▶ Work to be completed
Copy out nothing but the line containing "Inside the soft" and the lines that follow it to the end of the entries, exactly as they stand.

╭──

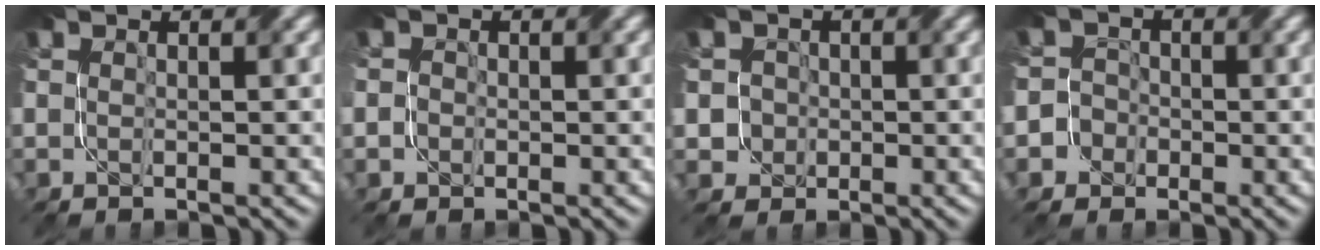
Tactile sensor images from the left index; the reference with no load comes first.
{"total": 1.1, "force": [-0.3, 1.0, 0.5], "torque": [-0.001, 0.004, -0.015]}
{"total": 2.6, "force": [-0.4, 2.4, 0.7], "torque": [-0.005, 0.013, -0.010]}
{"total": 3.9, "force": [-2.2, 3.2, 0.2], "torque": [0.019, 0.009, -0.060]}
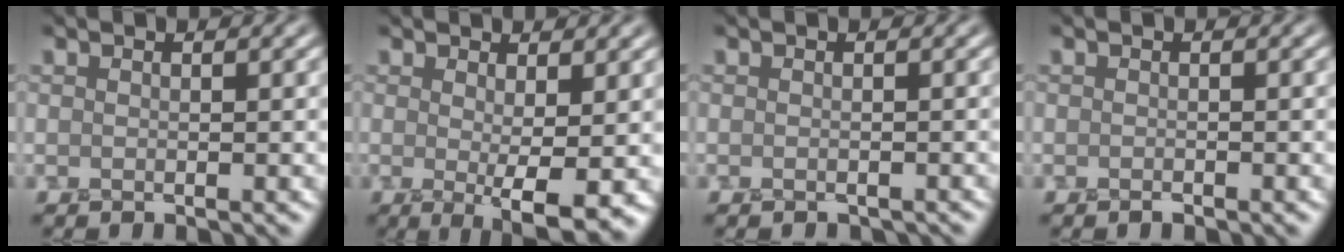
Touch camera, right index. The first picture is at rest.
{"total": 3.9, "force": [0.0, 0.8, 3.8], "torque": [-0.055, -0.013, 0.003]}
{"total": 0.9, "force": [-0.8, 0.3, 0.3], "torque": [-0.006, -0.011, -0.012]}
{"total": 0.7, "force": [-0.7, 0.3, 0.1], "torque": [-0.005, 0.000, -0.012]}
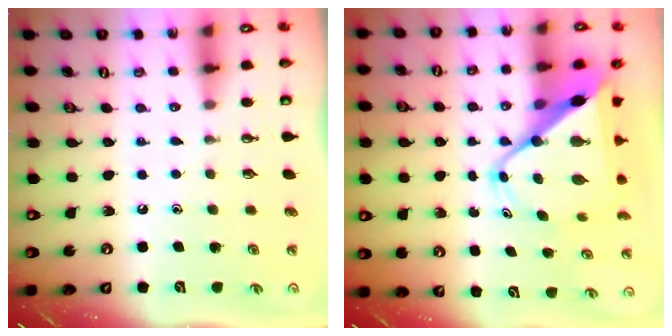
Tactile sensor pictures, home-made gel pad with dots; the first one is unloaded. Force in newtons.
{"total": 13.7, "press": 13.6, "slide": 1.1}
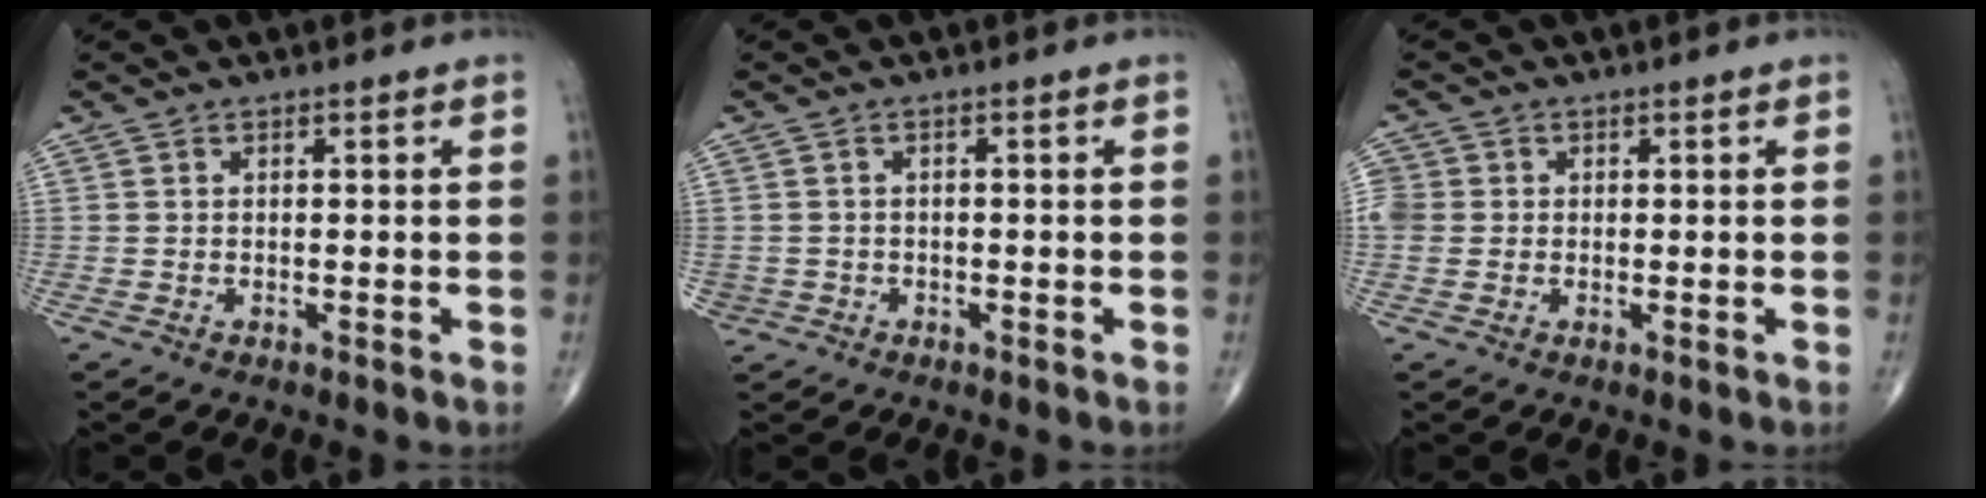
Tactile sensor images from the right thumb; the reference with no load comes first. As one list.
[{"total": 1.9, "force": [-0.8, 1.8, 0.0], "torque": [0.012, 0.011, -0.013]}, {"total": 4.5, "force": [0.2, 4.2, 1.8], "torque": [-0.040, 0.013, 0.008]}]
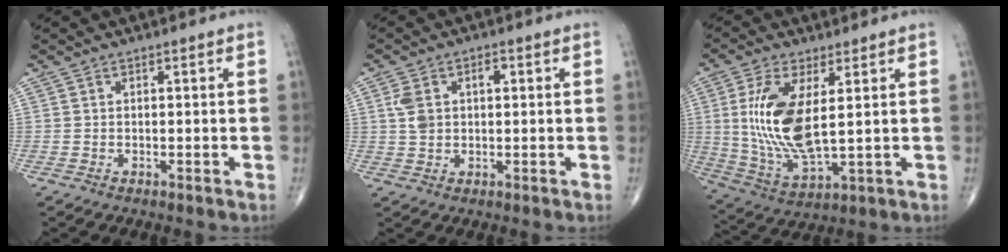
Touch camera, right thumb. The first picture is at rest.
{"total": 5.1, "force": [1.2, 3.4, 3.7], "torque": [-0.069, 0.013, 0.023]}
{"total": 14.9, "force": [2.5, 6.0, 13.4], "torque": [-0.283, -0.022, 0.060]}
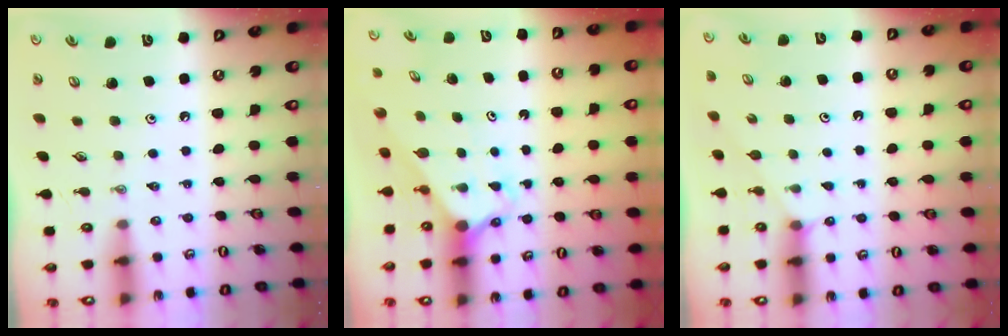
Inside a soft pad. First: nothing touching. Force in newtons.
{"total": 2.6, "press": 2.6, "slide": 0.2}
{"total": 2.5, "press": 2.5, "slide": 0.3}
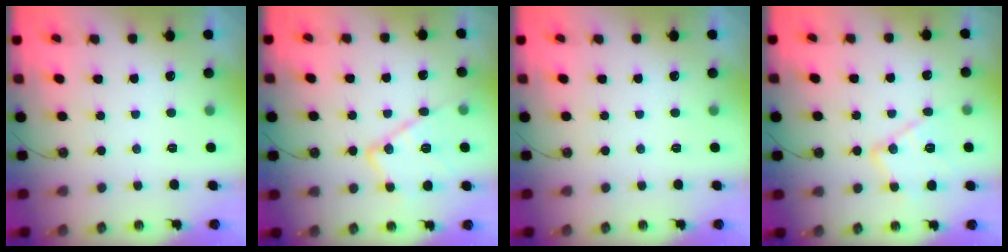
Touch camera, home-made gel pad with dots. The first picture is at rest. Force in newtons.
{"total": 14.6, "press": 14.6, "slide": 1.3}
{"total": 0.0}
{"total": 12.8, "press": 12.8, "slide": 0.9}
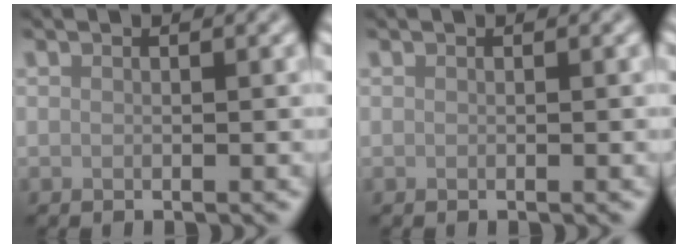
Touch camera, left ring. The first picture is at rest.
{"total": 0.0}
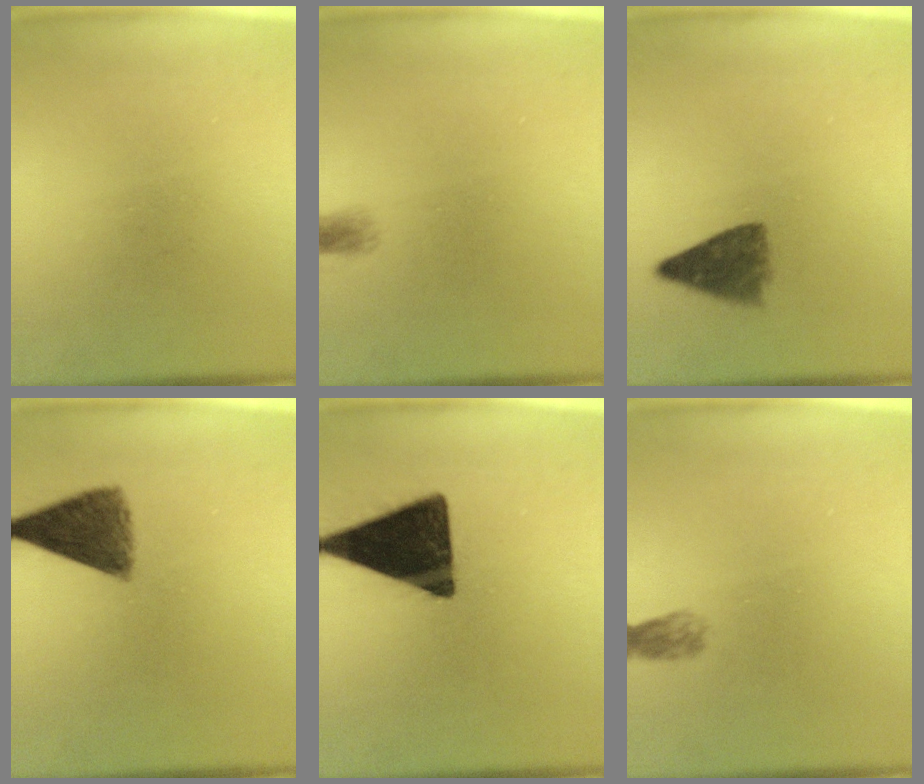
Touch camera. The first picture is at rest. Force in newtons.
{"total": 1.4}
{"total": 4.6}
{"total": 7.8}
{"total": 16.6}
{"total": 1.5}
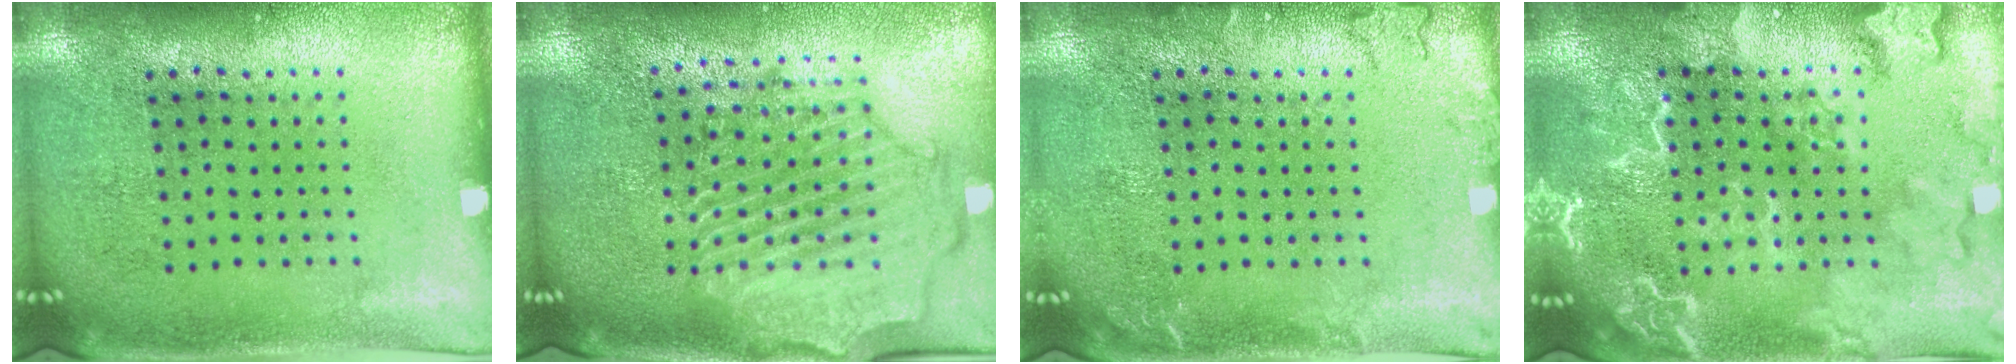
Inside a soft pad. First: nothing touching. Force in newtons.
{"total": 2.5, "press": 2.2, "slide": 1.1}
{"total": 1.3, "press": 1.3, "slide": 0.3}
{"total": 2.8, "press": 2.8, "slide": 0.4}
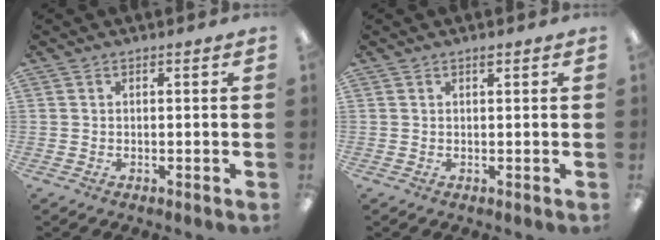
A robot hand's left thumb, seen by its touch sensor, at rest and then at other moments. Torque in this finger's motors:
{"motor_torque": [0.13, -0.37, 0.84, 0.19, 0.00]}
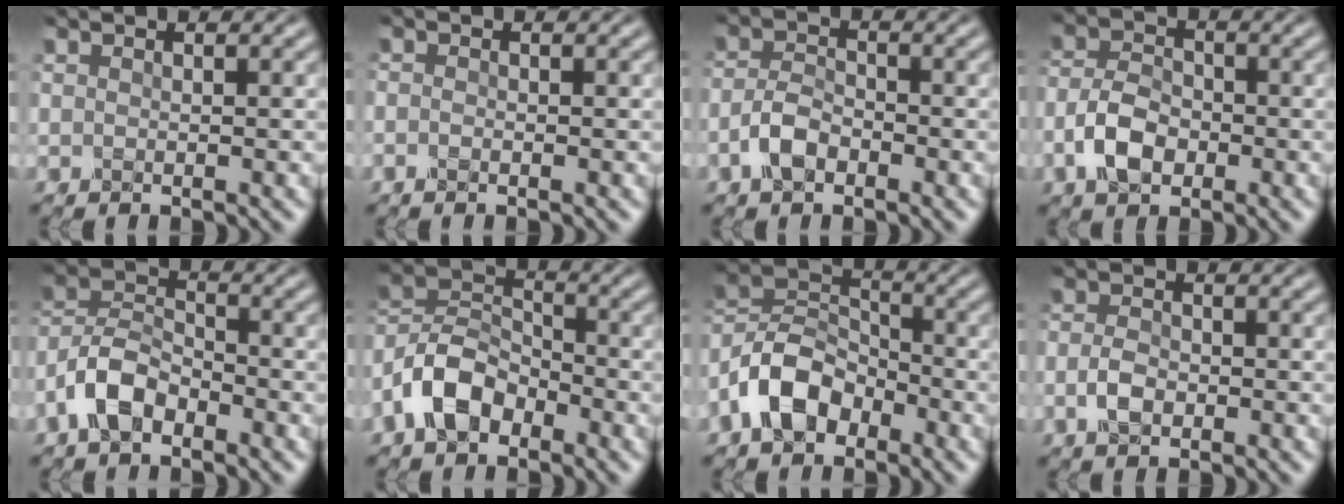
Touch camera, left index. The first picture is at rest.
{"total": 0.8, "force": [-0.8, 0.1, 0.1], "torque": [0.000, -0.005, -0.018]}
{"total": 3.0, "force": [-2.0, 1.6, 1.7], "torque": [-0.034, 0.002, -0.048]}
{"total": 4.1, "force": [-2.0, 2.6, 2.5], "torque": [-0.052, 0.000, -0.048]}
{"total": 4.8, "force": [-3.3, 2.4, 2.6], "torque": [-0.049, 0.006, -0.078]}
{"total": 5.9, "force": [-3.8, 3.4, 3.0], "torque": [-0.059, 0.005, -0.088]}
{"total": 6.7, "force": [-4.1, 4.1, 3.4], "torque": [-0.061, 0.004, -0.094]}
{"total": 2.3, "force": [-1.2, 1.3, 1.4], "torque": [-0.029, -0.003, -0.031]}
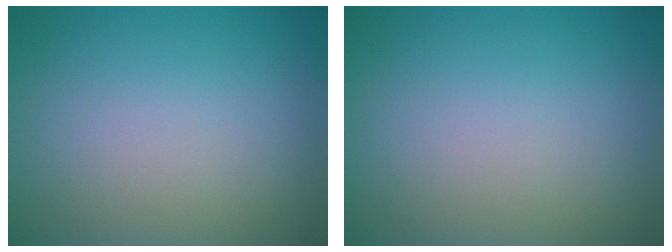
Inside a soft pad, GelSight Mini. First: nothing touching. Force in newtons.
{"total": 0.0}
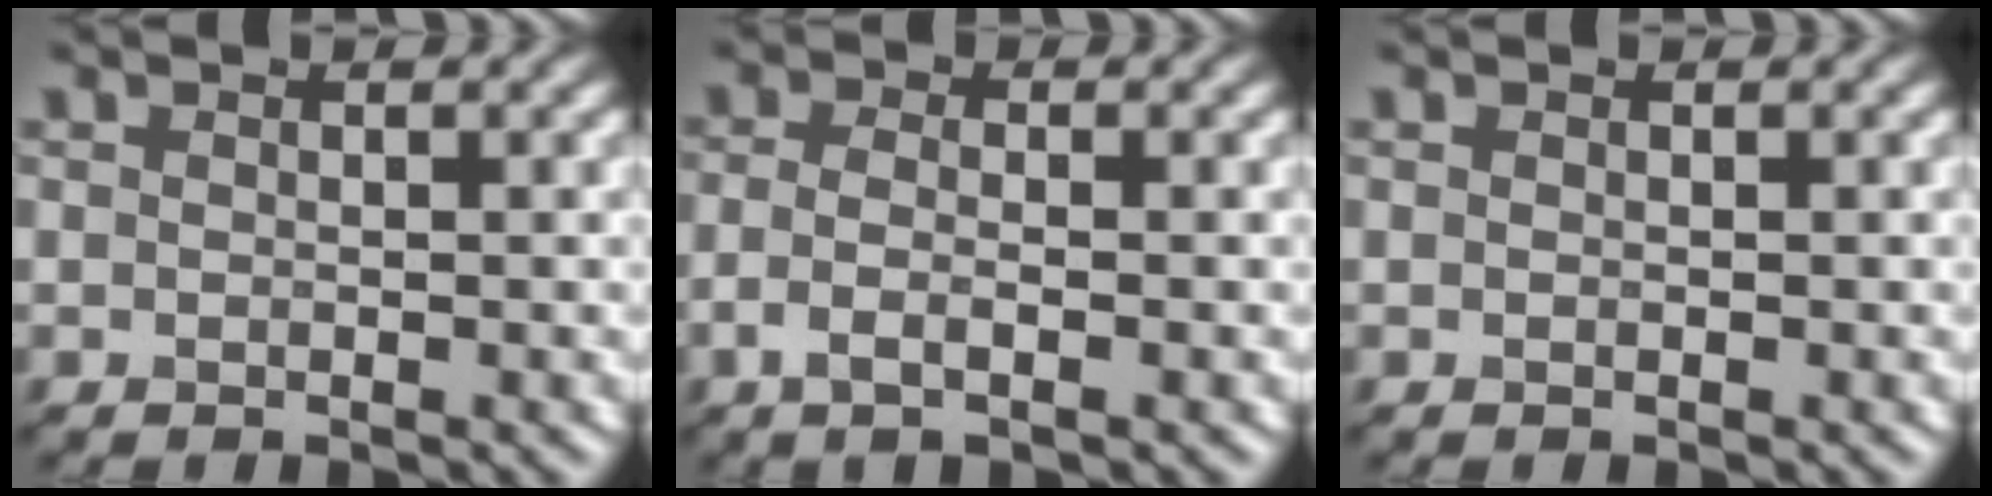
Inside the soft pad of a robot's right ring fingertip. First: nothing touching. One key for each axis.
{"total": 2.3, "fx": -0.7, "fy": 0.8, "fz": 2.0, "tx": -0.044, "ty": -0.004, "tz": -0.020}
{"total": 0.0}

╰──

▶ Response
Inside the soft pad of a robot's right ring fingertip. First: nothing touching. One key for each axis.
{"total": 2.3, "fx": -0.7, "fy": 0.8, "fz": 2.0, "tx": -0.044, "ty": -0.004, "tz": -0.020}
{"total": 0.0}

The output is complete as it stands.